"""
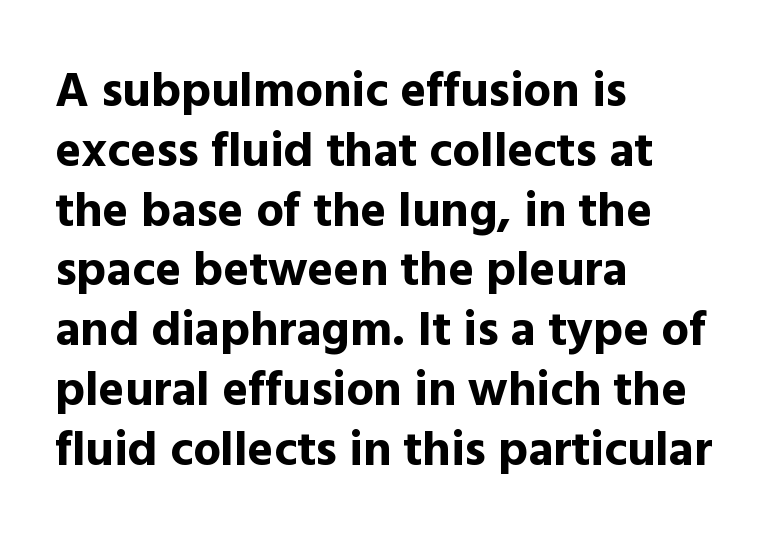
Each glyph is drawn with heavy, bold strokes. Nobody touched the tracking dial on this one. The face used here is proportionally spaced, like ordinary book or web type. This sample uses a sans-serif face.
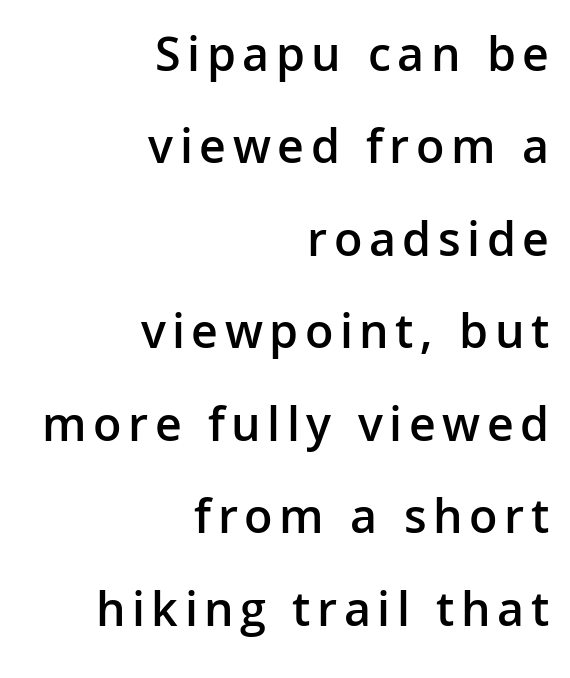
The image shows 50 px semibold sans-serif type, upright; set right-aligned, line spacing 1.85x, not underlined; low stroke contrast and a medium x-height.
"""
"""
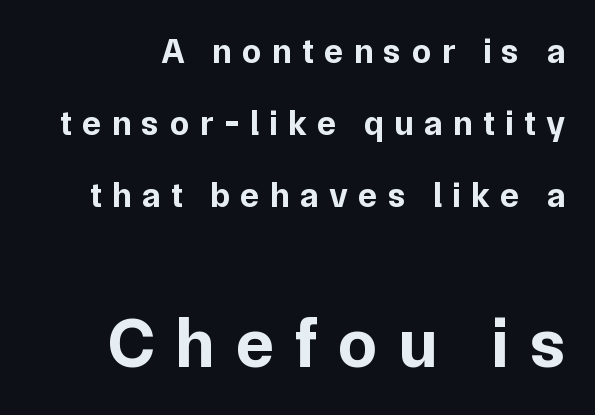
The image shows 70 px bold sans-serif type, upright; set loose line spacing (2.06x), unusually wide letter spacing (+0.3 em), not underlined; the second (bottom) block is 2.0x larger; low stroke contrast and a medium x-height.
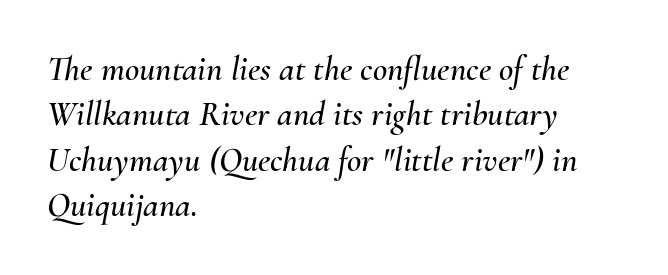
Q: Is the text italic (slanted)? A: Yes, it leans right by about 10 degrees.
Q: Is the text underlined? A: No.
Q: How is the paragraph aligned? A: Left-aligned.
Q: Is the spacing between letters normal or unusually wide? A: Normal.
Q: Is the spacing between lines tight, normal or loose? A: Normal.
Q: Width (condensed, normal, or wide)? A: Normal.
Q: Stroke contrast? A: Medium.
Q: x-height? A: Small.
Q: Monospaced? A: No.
"""
"""
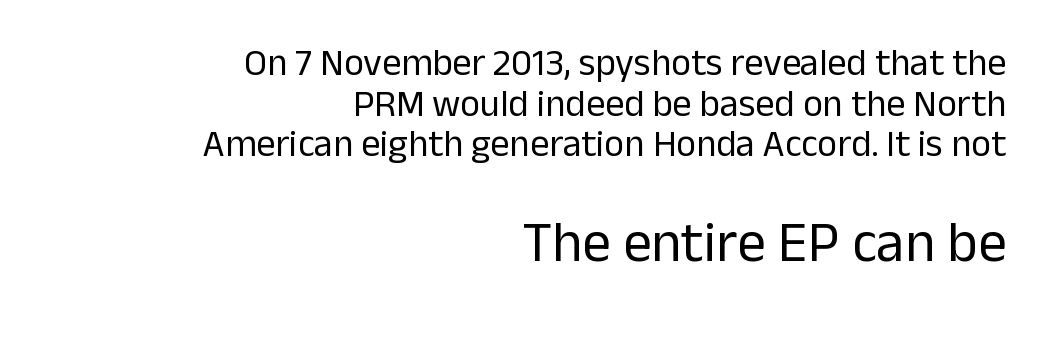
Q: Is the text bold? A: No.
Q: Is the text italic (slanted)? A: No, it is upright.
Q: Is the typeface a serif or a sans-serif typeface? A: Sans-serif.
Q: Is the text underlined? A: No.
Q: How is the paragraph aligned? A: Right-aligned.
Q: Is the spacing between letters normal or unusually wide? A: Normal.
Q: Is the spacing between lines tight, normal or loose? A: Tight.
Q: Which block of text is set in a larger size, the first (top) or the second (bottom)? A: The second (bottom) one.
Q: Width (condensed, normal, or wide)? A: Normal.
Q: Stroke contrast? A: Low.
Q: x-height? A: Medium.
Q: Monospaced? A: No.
"""
Lines containing "serif" in the listing: how many are there? Answer with the number only.

§ Response to this task: 4